Plusieurs chaînes ou journaux se sont donc interrogés à voix haute sur la possibilité de ne plus diffuser ces interventions du Président dans leur intégralité, sans aller jusqu’à réellement mettre la menace à exécution. Certes, le New York Times ne retransmet plus la conférence de presse sur son site, mais on peut la voir sur le site du Washington Post ou du Chicago Tribune. Certaines chaînes ne diffusent plus l’intégralité de la conférence de presse ou interrompent la retransmission ponctuellement (pour des publicités, le bulletin météo, des flashs d’information locale,…), mais on peut toujours voir le Président en direct vers 17h – 17h30 tous les jours sur au moins neuf canaux4Le 2 avril, six chaînes d’information en continu – MSNBC, Fox News, Fox Business, CNBC, Bloomberg TV et CNN – mais aussi trois chaînes généralistes – CBS, NBC, Fox – tandis que ABC ne retransmet la conférence de presse que sur son site internet..

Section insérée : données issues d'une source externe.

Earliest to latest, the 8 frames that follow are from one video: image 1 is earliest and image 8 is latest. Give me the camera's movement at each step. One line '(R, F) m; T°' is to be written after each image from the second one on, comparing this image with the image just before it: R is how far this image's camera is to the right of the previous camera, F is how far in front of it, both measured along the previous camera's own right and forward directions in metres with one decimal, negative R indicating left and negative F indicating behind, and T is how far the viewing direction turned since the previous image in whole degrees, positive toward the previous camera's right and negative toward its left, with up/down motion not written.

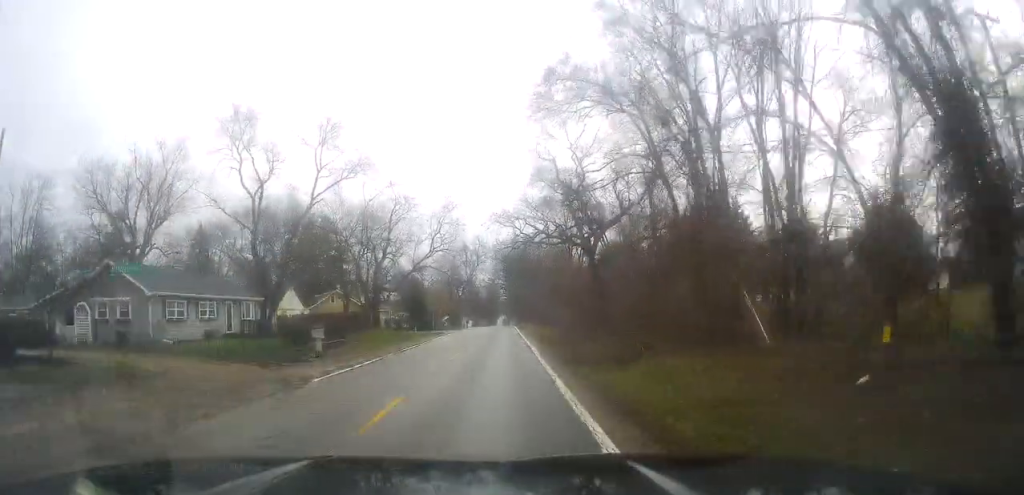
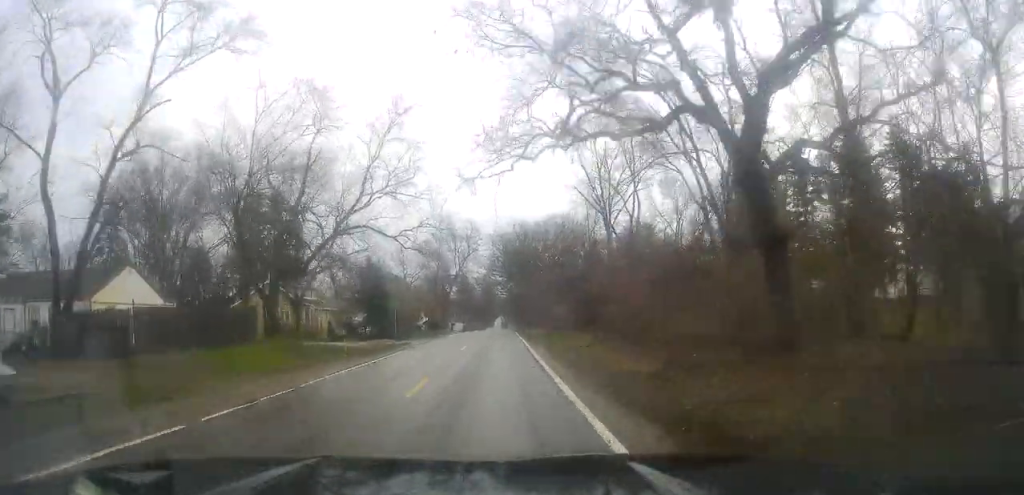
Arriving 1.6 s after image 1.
(0.0, +26.3) m; +2°
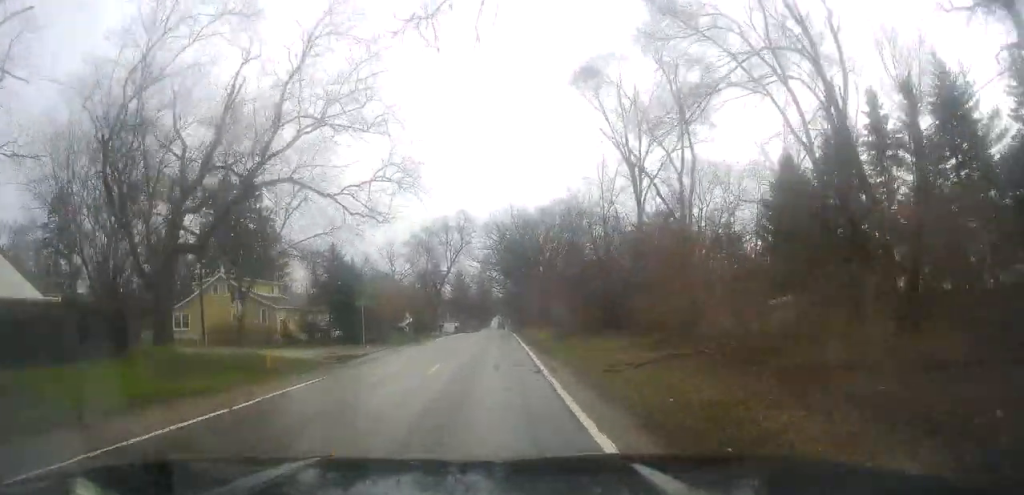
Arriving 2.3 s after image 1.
(+0.1, +11.1) m; 0°
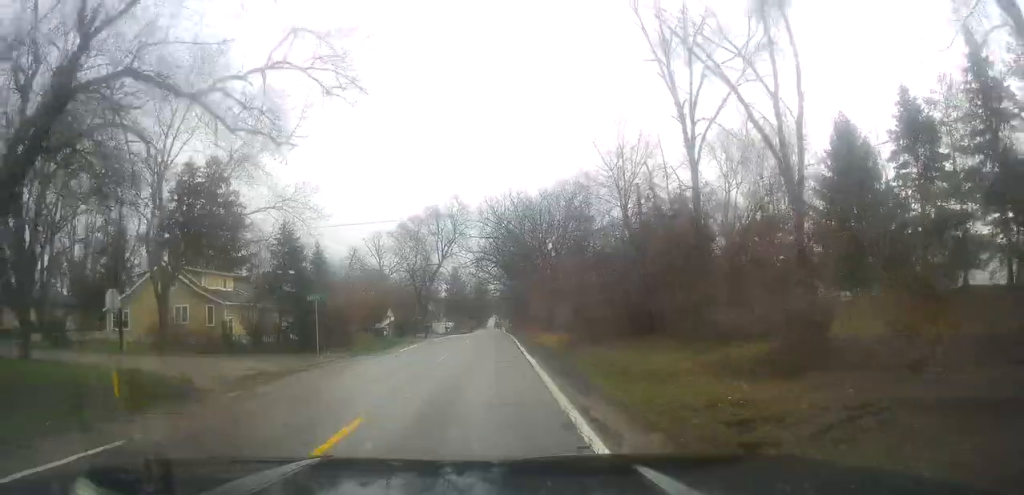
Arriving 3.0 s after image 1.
(0.0, +10.0) m; -1°
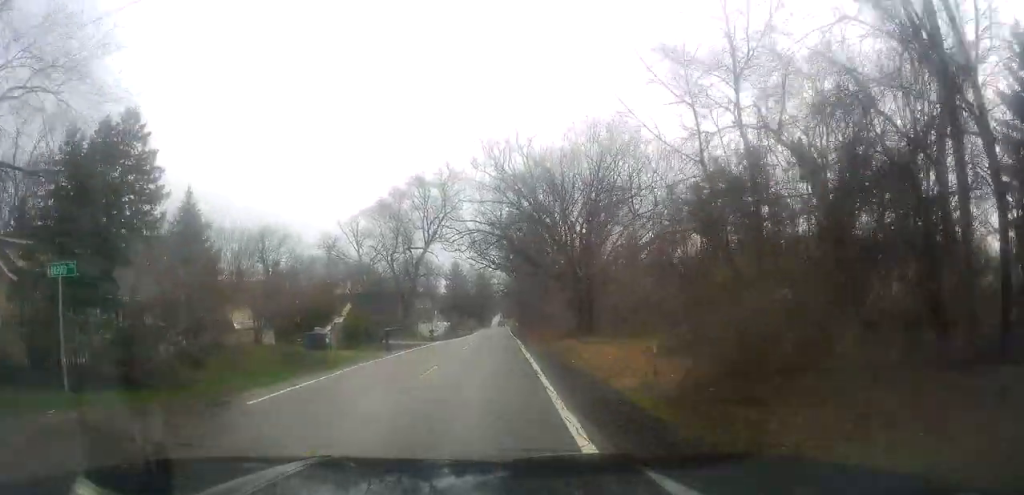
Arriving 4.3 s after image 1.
(-0.3, +20.3) m; 0°
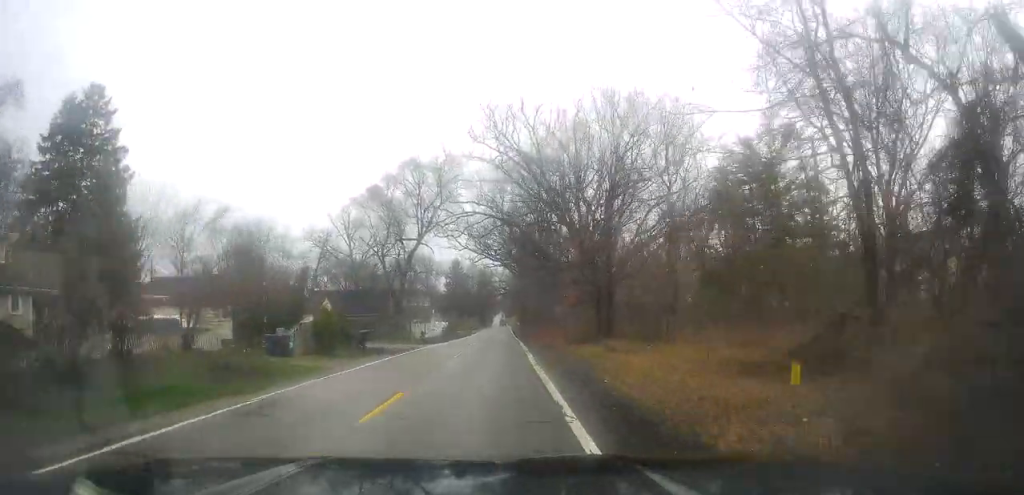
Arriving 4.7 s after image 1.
(+0.2, +6.7) m; 0°
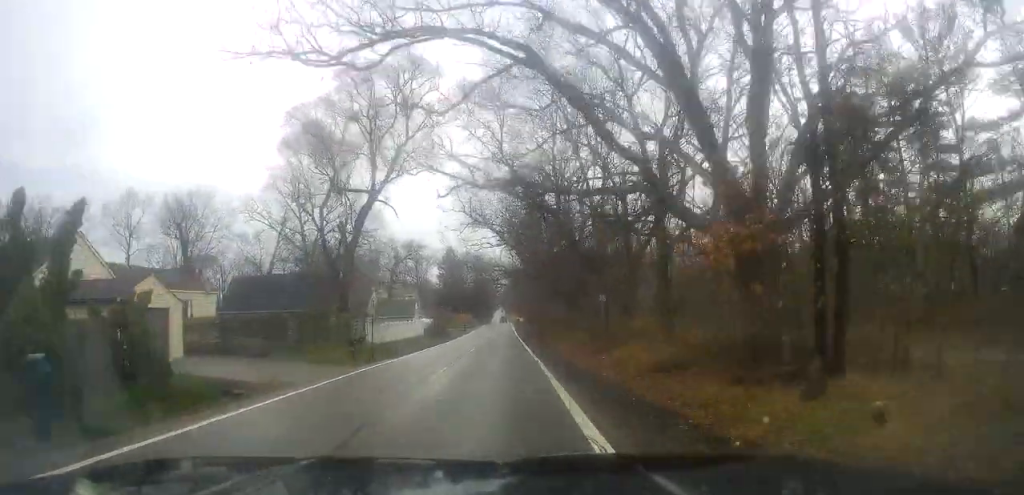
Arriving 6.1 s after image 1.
(-0.3, +22.5) m; 0°
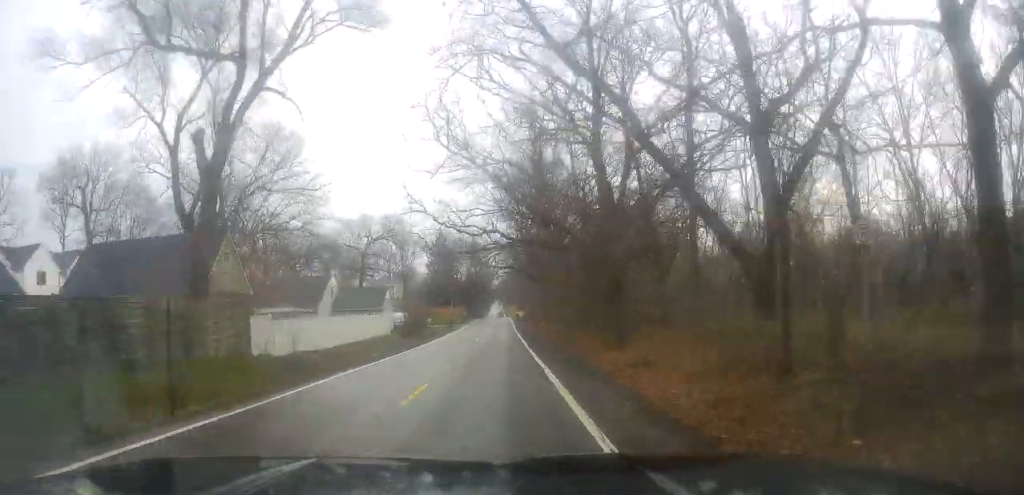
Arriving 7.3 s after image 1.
(+0.2, +20.2) m; 0°

Le Président est de toute façon gagnant dans tous les scénarii : s’il est diffusé, il a une tribune ; si les questions des journalistes le placent devant ses contradictions, il se contente de les accuser de mensonge et d’être partisans ; si certains journalistes renoncent à lui poser des questions piégeuses, il n’hésitera pas à dire que même les médias démocrates ne le critiquent plus – on se souvient que le jour de son acquittement par le Sénat républicain lors de la procédure d’impeachment, Trump brandissait triomphalement la Une du Washington Post pour commencer son allocution de « victoire » ; et si les conférences de presse ne sont plus diffusées, le Président sera ravi de fustiger les médias qui refusent de transmettre aux citoyens la parole présidentielle en temps de crise et de se poser à nouveau en candidat anti-système mal-traité par les médias.
D’où une frustration grandissante de la presse et des médias télévisuels, qui cherchent encore, 3 ans après l’élection de 2016 et à 6 mois de la prochaine échéance présidentielle, le bon angle pour assurer leur mission d’information sans tomber dans le piège de la polarisation à outrance et de la politique « show-biz » que leur tend Donald Trump.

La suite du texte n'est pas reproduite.